● Data items
━━━━━━━━━━━━━━━━━━━━━━━━━━━━━━

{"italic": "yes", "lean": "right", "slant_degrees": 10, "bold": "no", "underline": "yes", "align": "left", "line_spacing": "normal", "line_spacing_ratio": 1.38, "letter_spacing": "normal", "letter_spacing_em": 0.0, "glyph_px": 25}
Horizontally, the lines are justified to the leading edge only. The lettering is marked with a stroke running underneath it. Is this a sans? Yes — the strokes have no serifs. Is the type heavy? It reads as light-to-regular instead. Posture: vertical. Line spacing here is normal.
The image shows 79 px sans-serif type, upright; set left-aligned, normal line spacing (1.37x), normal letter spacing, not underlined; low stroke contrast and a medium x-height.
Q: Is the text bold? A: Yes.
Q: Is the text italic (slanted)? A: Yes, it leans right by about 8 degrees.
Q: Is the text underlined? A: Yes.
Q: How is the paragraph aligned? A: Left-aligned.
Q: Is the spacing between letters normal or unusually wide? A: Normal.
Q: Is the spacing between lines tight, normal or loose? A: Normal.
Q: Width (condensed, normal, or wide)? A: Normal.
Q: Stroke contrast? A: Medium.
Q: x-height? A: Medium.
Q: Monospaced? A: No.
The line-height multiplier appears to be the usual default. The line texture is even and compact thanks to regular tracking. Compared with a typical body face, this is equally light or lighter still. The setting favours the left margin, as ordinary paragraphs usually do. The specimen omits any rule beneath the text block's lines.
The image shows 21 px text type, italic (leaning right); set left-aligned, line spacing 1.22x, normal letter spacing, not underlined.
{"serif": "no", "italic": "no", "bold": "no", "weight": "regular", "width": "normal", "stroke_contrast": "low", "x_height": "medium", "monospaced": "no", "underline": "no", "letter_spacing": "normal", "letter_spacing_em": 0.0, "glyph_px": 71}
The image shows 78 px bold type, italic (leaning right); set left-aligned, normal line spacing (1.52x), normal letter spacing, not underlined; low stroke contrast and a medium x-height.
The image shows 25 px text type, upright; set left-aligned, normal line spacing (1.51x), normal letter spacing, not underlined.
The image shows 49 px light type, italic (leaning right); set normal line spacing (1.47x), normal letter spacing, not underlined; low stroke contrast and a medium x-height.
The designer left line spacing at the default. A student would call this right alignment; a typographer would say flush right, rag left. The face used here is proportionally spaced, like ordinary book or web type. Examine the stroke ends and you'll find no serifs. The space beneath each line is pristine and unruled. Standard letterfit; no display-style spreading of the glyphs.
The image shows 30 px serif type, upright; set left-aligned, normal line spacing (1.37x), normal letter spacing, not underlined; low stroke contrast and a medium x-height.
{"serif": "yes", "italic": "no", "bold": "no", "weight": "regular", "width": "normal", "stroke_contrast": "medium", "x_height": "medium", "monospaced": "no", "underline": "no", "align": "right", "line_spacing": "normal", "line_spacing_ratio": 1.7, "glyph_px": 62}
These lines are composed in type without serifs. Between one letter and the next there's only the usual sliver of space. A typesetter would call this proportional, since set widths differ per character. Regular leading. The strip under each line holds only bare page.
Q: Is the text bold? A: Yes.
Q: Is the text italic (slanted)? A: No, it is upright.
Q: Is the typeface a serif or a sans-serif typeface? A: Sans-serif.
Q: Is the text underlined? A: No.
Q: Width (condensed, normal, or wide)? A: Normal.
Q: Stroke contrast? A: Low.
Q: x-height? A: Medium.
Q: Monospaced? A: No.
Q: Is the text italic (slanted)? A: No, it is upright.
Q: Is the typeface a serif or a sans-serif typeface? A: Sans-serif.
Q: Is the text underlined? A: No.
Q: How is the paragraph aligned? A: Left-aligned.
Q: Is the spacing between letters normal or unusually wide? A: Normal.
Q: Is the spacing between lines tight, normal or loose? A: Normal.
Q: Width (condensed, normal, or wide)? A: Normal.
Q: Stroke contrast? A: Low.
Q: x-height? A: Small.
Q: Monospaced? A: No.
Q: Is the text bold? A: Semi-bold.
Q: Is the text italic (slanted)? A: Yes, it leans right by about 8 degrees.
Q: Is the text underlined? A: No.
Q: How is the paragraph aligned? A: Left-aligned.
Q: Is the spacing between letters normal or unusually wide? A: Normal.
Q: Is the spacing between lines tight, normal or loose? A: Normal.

━━━━━━━━━━━━━━━━━━━━━━━━━━━━━━

● Your goal
Among the entries above, tally each line with the string "sans" and state that figure only.

● Task response
4